Entwarnung erst ab 80-prozentiger Impfquote
„Niemand hat Spaß daran, Dinge zu verbieten. Das Virus ist der Spielverderber – und nicht der Gesundheitsminister. Erst bei einer Impfquote mit deutlich über 80 Prozent ist ein pandemiesicherer Herbst und Winter gewährleistet“, entgegnete Spahn und zeigte so die für ihn einzig mögliche Perspektive zu weiteren Öffnungen auch in der Veranstaltungsbranche: „Nur wenn die Delta-Variante die letzte Covid-Variante ist, der wir gegenüberstehen, haben wir eine gute Perspektive für die kommenden Monate.“
Einen „Freedom Day“, einen Tag, an dem alle Reglementierungen aufgehoben werden, könne es eines Tages nur unter diesen Voraussetzungen auch in Deutschland geben. „Stand jetzt gehen wir mit der 3G-Strategie und allen Schutzmaßnahmen durch den Herbst und den Winter“, so Spahn. Das Auftauchen neuer Covid-Varianten könnte diese Perspektive dennoch beträchtlich verändern. „Dann müssen wir uns erneut fragen: Ist die Variante ansteckender, als die vorhergehende? Macht sie kranker und helfen die Impfstoffe noch? Um das einzuschätzen, brauchen wir Untersuchungen und Zeit“, führte der Gesundheitsminister aus.
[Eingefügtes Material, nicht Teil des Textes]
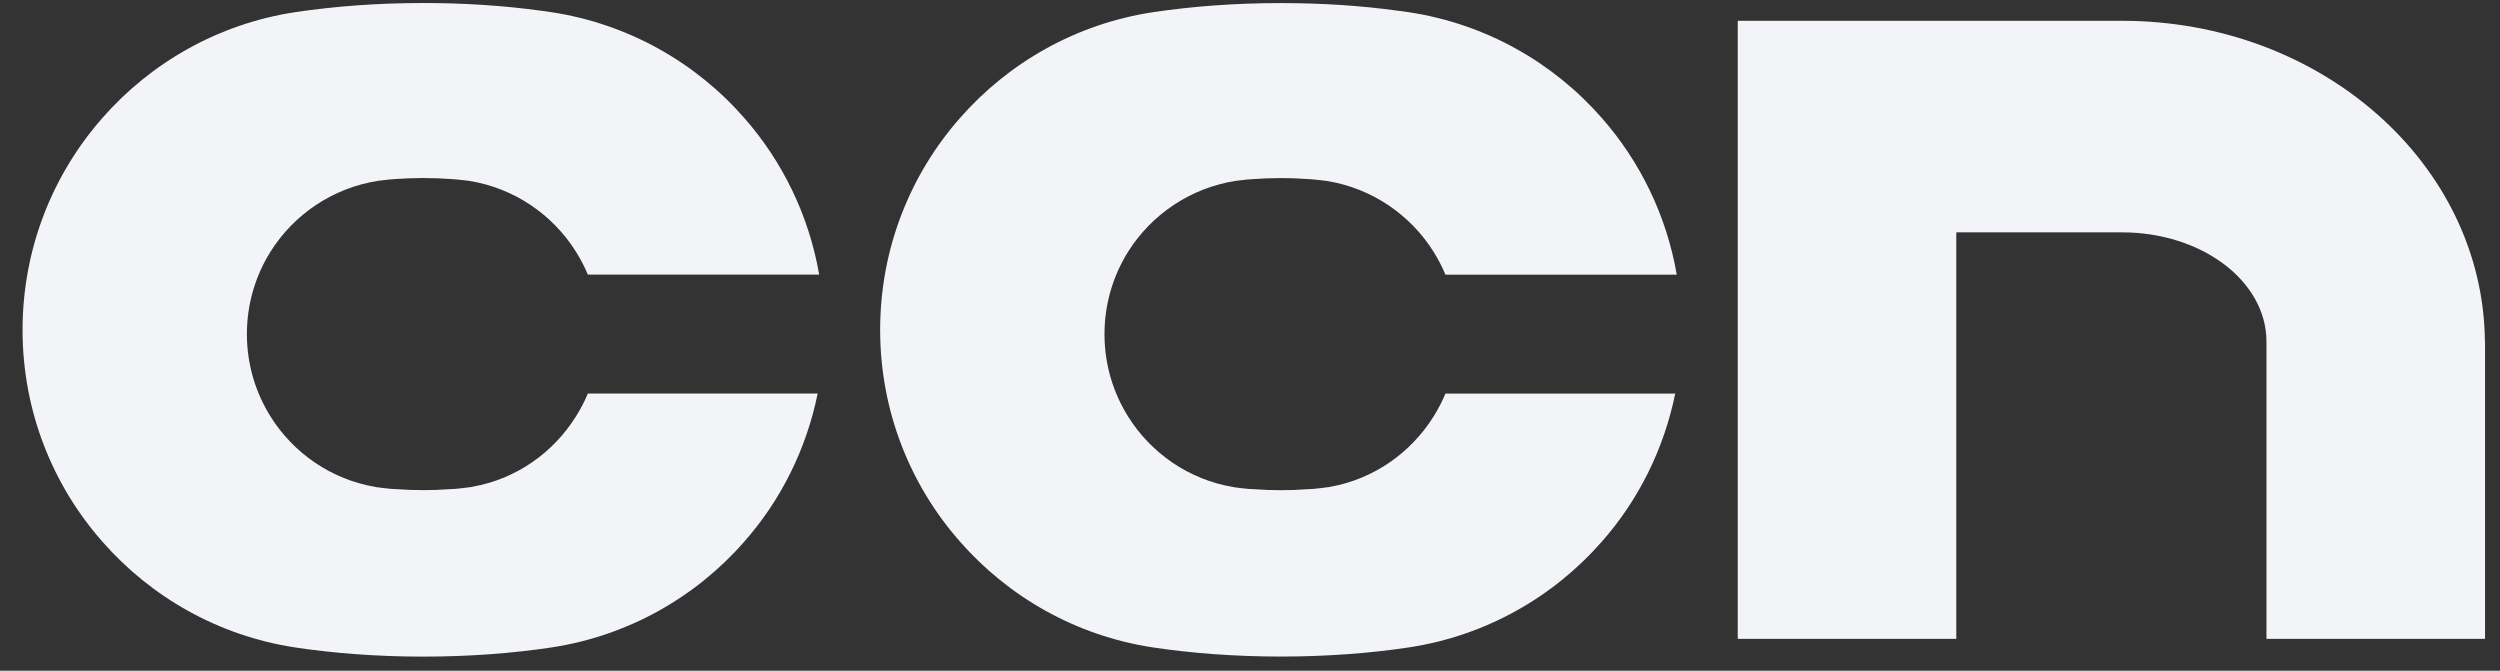 <?xml version="1.0" encoding="UTF-8"?> <svg xmlns="http://www.w3.org/2000/svg" width="82" height="22" viewBox="0 0 82 22" fill="none"><rect x="0" y="0" width="82" height="22" fill="#333333" stroke="none"/><g clip-path="url(#clip0_579_3437)"><path d="M19.281 12.909C19.173 13.17 19.042 13.418 18.893 13.656C18.15 14.846 16.938 15.707 15.51 15.963C15.496 15.963 15.487 15.973 15.474 15.973C15.447 15.977 15.424 15.982 15.397 15.982C15.239 16.004 15.082 16.022 14.919 16.036C14.861 16.04 14.798 16.045 14.735 16.045C14.46 16.067 14.171 16.076 13.883 16.076C13.595 16.076 13.306 16.067 13.027 16.045C12.964 16.045 12.901 16.04 12.842 16.036C12.685 16.022 12.522 16.004 12.369 15.982C12.351 15.982 12.338 15.977 12.32 15.973C10.869 15.729 9.625 14.864 8.873 13.661C8.382 12.877 8.098 11.949 8.098 10.957C8.098 9.966 8.382 9.038 8.873 8.254C9.643 7.029 10.923 6.159 12.41 5.929C12.54 5.911 12.671 5.898 12.802 5.884C12.842 5.884 12.887 5.884 12.928 5.875C13.239 5.853 13.559 5.839 13.883 5.839C14.207 5.839 14.523 5.853 14.829 5.875C14.87 5.88 14.906 5.88 14.946 5.884C15.086 5.898 15.226 5.911 15.361 5.929C15.374 5.929 15.383 5.934 15.397 5.934C16.87 6.172 18.132 7.042 18.893 8.259C19.042 8.497 19.173 8.745 19.281 9.007H26.869C26.531 7.056 25.661 5.289 24.409 3.865C22.814 2.045 20.601 0.784 18.096 0.401C17.965 0.378 17.835 0.364 17.7 0.346C16.519 0.184 15.226 0.099 13.883 0.099C12.383 0.099 10.959 0.207 9.67 0.401C7.165 0.784 4.953 2.05 3.358 3.87C1.727 5.726 0.74 8.159 0.74 10.822C0.74 13.485 1.727 15.914 3.358 17.766C4.953 19.586 7.165 20.852 9.67 21.235C10.959 21.429 12.383 21.537 13.883 21.537C15.383 21.537 16.807 21.429 18.096 21.235C20.601 20.852 22.814 19.591 24.409 17.77C25.603 16.419 26.445 14.747 26.819 12.909H19.281Z" fill="#F2F4F7"></path><path d="M54.908 12.911H47.41C47.302 13.172 47.171 13.42 47.023 13.659C46.279 14.848 45.067 15.709 43.639 15.966C43.625 15.966 43.616 15.975 43.603 15.975C43.576 15.979 43.553 15.984 43.526 15.984C43.368 16.006 43.211 16.024 43.048 16.038C42.99 16.042 42.927 16.047 42.864 16.047C42.589 16.069 42.3 16.078 42.012 16.078C41.724 16.078 41.435 16.069 41.156 16.047C41.093 16.047 41.03 16.042 40.971 16.038C40.813 16.024 40.651 16.006 40.498 15.984C40.48 15.984 40.467 15.979 40.449 15.975C38.998 15.731 37.754 14.866 37.002 13.663C36.511 12.879 36.227 11.951 36.227 10.96C36.227 9.969 36.511 9.04 37.002 8.256C37.772 7.031 39.052 6.161 40.539 5.931C40.669 5.913 40.8 5.9 40.931 5.886C40.971 5.886 41.016 5.886 41.057 5.877C41.368 5.855 41.688 5.841 42.012 5.841C42.337 5.841 42.652 5.855 42.958 5.877C42.999 5.882 43.035 5.882 43.075 5.886C43.215 5.9 43.355 5.913 43.49 5.931C43.504 5.931 43.513 5.936 43.526 5.936C44.999 6.175 46.261 7.044 47.023 8.261C47.171 8.5 47.302 8.747 47.41 9.009H54.998C54.66 7.058 53.79 5.292 52.538 3.868C50.943 2.047 48.73 0.786 46.225 0.403C46.094 0.38 45.964 0.367 45.828 0.349C44.648 0.186 43.355 0.101 42.012 0.101C40.512 0.101 39.088 0.209 37.799 0.403C35.294 0.786 33.082 2.052 31.487 3.872C29.855 5.724 28.869 8.157 28.869 10.82C28.869 13.483 29.855 15.912 31.487 17.764C33.082 19.584 35.294 20.85 37.799 21.233C39.088 21.427 40.512 21.535 42.012 21.535C43.513 21.535 44.936 21.427 46.225 21.233C48.73 20.85 50.943 19.588 52.538 17.768C53.732 16.416 54.574 14.745 54.948 12.906H54.912L54.908 12.911Z" fill="#F2F4F7"></path><path d="M81.505 11.199C81.451 5.382 76.143 0.682 69.6 0.682H56.998V20.954H64.166V7.621H69.6C72.218 7.621 74.336 9.221 74.34 11.199V20.954H81.509V11.199H81.505Z" fill="#F2F4F7"></path></g><defs><clipPath id="clip0_579_3437"><rect width="80.769" height="21.439" fill="white" transform="translate(0.74 0.099)"></rect></clipPath></defs></svg>

Mehr Kontakt zur Veranstalterbranche
„Auch vor der Erreichung der Impfquote von 80 Prozent wird es dennoch weitere Lockerungen geben“, so Spahn. In der Veranstaltungsbranche könnte dazu auch die Anwendung von tagesaktuellen PCR-Tests neue Öffnungsmöglichkeiten schaffen. „Grundsätzlich gilt aber: Wenn es uns gelingt, in den nächsten drei, vier Wochen zehn weitere Prozent der Menschen in Deutschland zu impfen, werden wir einen entscheidenden Schritt weiter sein“, so Spahn, der versprach, den Dialog mit Vertretern der Veranstaltungsbranche in Zukunft verstärkter und regelmäßiger führen zu wollen.